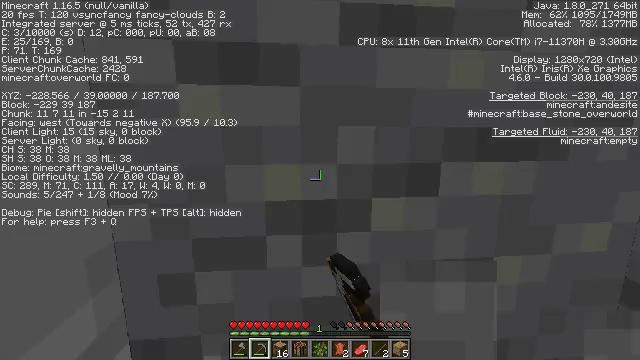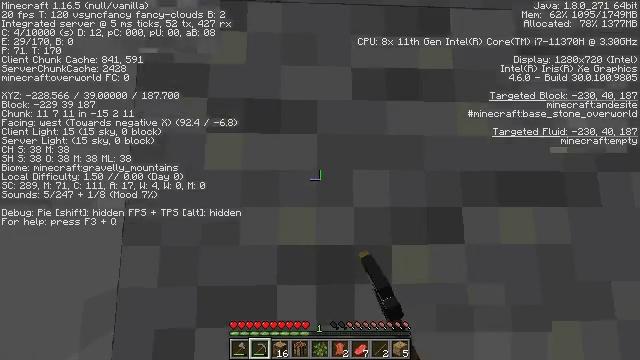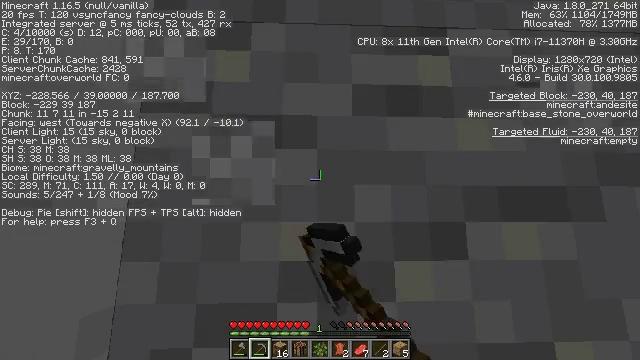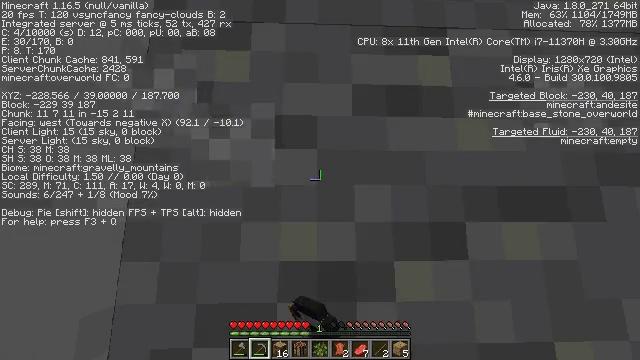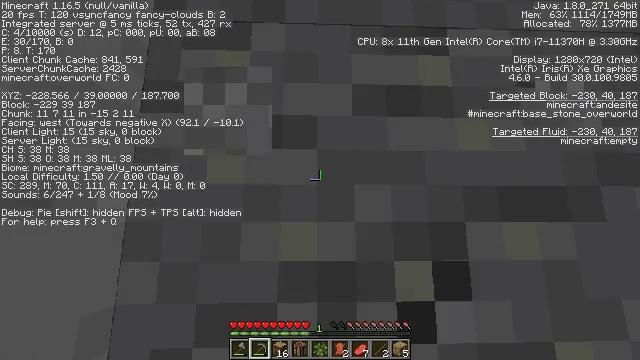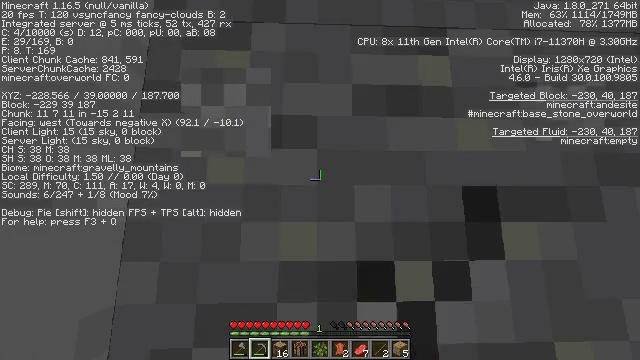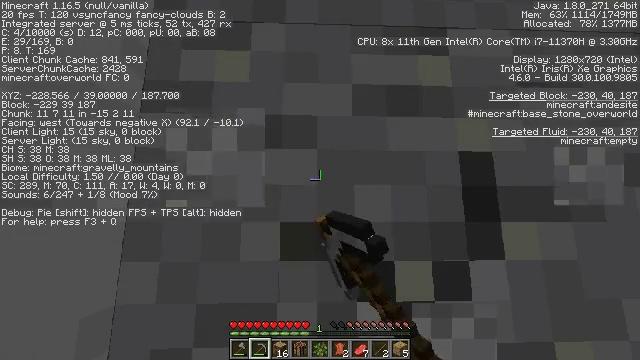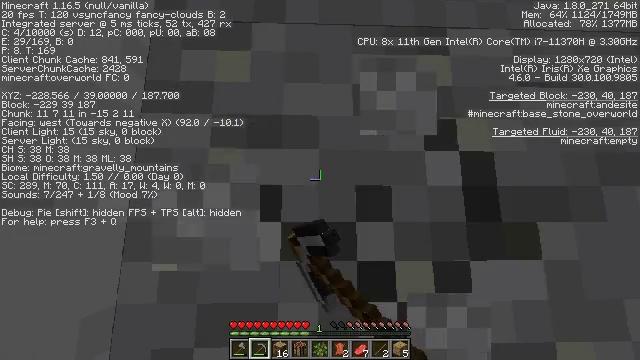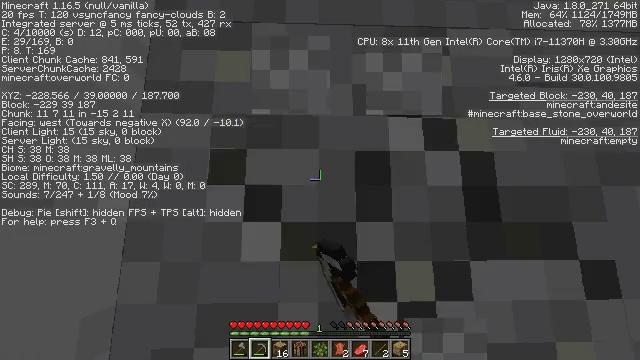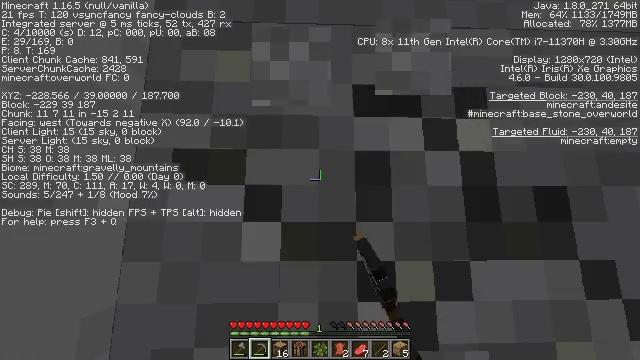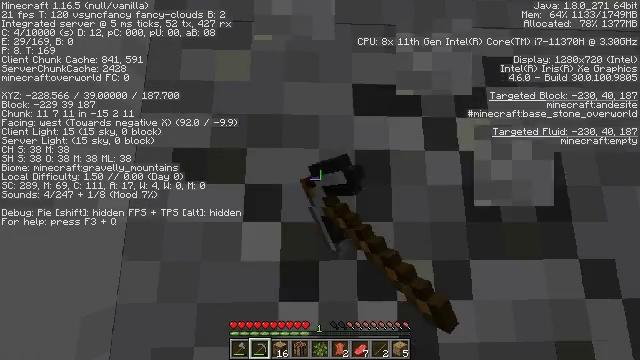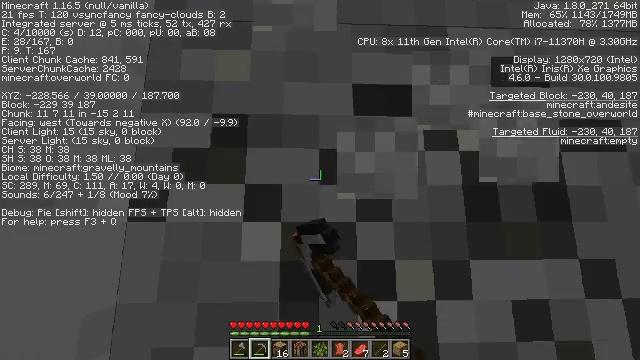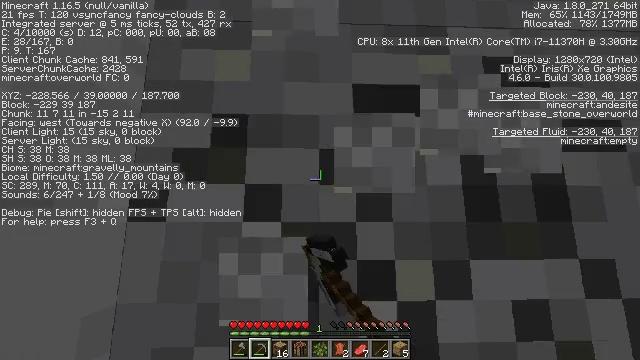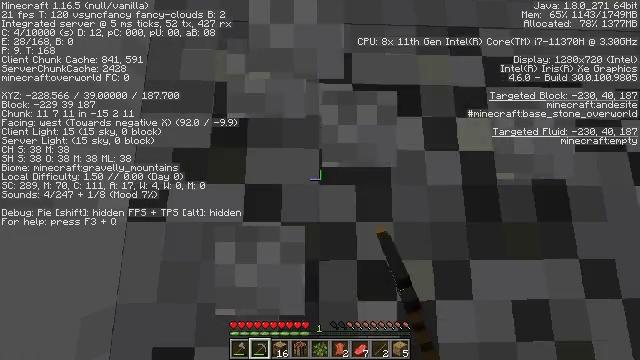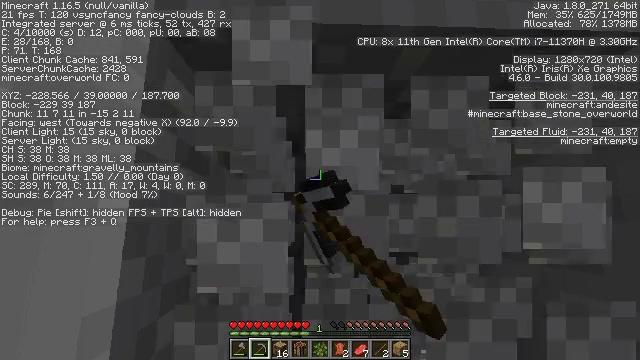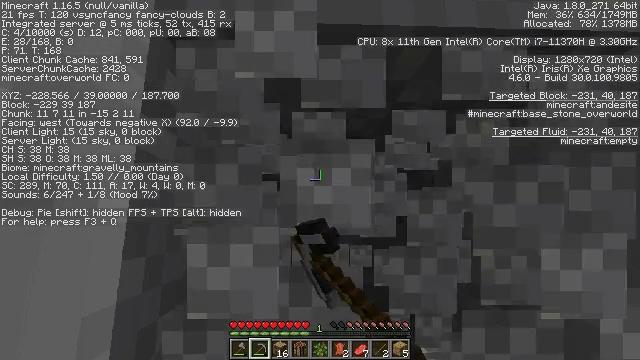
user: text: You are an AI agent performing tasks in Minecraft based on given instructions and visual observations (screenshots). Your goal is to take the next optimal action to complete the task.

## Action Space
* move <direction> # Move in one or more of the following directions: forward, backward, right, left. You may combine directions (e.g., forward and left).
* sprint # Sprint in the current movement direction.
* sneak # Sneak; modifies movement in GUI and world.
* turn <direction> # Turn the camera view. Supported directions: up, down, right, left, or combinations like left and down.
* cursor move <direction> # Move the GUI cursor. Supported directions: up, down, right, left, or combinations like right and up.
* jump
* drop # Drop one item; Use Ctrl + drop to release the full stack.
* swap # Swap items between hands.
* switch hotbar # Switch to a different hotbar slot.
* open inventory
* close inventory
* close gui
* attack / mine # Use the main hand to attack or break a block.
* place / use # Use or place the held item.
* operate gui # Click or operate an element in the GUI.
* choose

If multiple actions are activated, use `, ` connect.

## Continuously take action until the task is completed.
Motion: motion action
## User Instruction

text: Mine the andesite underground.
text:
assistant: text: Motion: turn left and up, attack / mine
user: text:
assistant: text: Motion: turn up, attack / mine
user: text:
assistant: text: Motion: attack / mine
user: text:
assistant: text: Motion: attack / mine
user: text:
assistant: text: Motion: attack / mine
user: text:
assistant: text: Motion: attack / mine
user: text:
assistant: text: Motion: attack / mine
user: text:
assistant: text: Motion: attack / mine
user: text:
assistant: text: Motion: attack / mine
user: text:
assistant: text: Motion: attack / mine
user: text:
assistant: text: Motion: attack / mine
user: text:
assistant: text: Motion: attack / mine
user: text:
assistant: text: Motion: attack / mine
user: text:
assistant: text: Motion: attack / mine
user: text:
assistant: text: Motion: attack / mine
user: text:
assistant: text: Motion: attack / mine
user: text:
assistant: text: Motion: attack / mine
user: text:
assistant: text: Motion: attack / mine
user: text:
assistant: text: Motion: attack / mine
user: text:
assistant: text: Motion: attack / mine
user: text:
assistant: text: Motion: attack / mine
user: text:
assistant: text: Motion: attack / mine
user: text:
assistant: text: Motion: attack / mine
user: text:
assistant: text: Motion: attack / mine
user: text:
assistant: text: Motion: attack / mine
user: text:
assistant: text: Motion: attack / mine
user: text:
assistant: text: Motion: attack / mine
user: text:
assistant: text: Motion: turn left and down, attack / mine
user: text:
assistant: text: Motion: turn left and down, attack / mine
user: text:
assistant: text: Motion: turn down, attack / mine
--
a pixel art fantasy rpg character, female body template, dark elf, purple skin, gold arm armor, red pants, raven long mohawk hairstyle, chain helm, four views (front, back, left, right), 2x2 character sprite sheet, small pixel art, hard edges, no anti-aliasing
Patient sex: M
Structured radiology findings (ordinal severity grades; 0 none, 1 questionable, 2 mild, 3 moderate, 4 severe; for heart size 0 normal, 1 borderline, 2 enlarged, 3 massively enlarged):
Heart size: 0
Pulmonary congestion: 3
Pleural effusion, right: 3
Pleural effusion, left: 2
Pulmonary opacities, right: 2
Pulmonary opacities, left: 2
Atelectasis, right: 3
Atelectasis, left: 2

Task requirements →
Reproduce the lines above, beginning at the line with "user: text: You" and stopping after the line with "## Action Space", exactly as they are.

Answer to the exercise →
user: text: You are an AI agent performing tasks in Minecraft based on given instructions and visual observations (screenshots). Your goal is to take the next optimal action to complete the task.

## Action Space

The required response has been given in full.